Basic conversion formulas for Radioastronomy.
Copyright (C) 2012+  Axel Jessner (jessner@mpifr.de)
              2015+  Benjamin Winkel (bwinkel@mpifr.de)

This program is free software; you can redistribute it and/or
modify it under the terms of the GNU General Public License
as published by the Free Software Foundation; either version 2
of the License, or (at your option) any later version.

This program is distributed in the hope that it will be useful,
but WITHOUT ANY WARRANTY; without even the implied warranty of
MERCHANTABILITY or FITNESS FOR A PARTICULAR PURPOSE.  See the
GNU General Public License for more details.

You should have received a copy of the GNU General Public License
along with this program; if not, write to the Free Software
Foundation, Inc., 51 Franklin Street, Fifth Floor, Boston, MA  02110-1301, USA.

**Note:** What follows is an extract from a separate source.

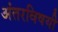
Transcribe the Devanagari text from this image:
अंतरविषयी
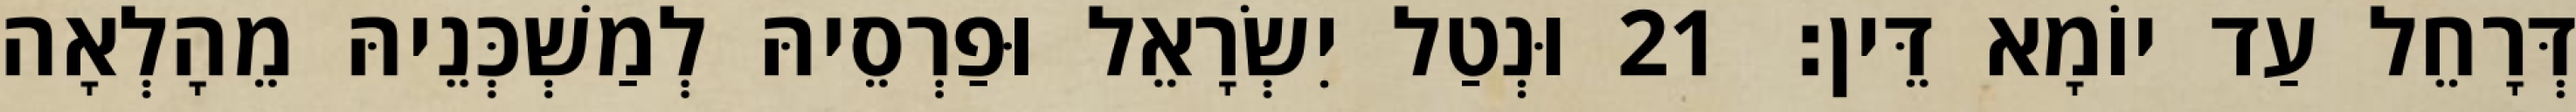
דְּרָחֵל עַד יוֹמָא דֵּין׃ 21 וּנְטַל יִשְׂרָאֵל וּפַרְסֵיהּ לְמַשְׁכְּנֵיהּ מֵהָלְאָה

Basic quantities and conversions¶

Pointing flux is defined as

$$\vec S = \vec E \times \vec H\,.$$

For a plane wave we find

$$S\equiv\vert \vec S \vert = \sqrt{\frac{\varepsilon_0}{\mu_0}} \vert \vec E \vert^2 = \frac{E^2}{R_0}$$

with

$$R_0 \equiv \sqrt{\frac{\varepsilon_0}{\mu_0}} = 376.73~\Omega\,.$$

$S$ is also known as the power flux density, and it is

$$ S = G_\mathrm{tx}\frac{P_\mathrm{tx}}{4\pi d^2} = \int \mathrm{d}\nu\,S_\nu\,, $$

the power per unit area from a transmitter with power $P_\mathrm{tx}$ and gain, $G_\mathrm{tx}$, at distance, $d$. $S_\nu$ is the flux density, which is often expressed in units of Jansky in radio astronomy. If a field strength, $E_\mathrm{rx}$, is observed originating from this transmitter we can thus calculate $P_\mathrm{tx}$ via

$$ P_\mathrm{tx}(E_\mathrm{rx}, d, G_\mathrm{tx}) = \frac{4\pi d^2}{G_\mathrm{tx}} \frac{E_\mathrm{rx}^2}{R_0}\,. $$

Here, free-space propagation is assumed! Likewise, we can calculate $E_\mathrm{rx}$ for a given transmitter power, $P_\mathrm{tx}$,

$$ E_\mathrm{rx}(P_\mathrm{tx}, d, G_\mathrm{tx}) = \sqrt{\frac{P_\mathrm{tx}G_\mathrm{tx}}{4\pi} R_0} \frac{1}{d}\,. $$

Example:

$$ E_\mathrm{rx}^\mathrm{unit} \equiv E_\mathrm{rx}(1~\mathrm{W}, 1~\mathrm{km}, 1) = 5.475\cdot10^{-3}~\frac{\mathrm{V}}{\mathrm{m}} $$

Conversion functions and examples¶

One often uses logarithmic units for convenience ($\log x \equiv\log_{10}x$):

\begin{align} \mathrm{dBm}(P) = \mathrm{dB}_\mathrm{mW}(P) &\equiv \mathrm{dB}\left[P[\mathrm{mW}]\right] = 10\log\left(P[W]\right) + 30 \\ \mathrm{dB}_{\mathrm{\mu V / m}}(E) &\equiv \mathrm{dB}\left[\left(E[\mathrm{\mu V / m}]\right)^2\right] = 20\log\left(E\left[\mathrm{\mu V/m}\right]\right)\\ \mathrm{dB}_{\mathrm{W / m^2}}(S) &\equiv \mathrm{dB}\left[S[\mathrm{W / m^2}]\right] = 10\log\left(S\left[\mathrm{W/m^2}\right]\right) \end{align}

Example:

$$ E_\mathrm{rx}^\mathrm{unit} \left[\mathrm{dB}_{\mathrm{\mu V / m}}\right] = 74.768$$

EIRP¶

If a receiving station detects a certain field strengths (or power), the equivalent isotropically radiated power (EIRP) is the necessary transmitted power, $P_\mathrm{tx}$ if the transmitter gain, $G_\mathrm{tx}$, was $0~\mathrm{dBi}$. The true transmitted power could have been much lower (higher), if the transmitter had positive (negative) gain (in dBi) towards the receiver.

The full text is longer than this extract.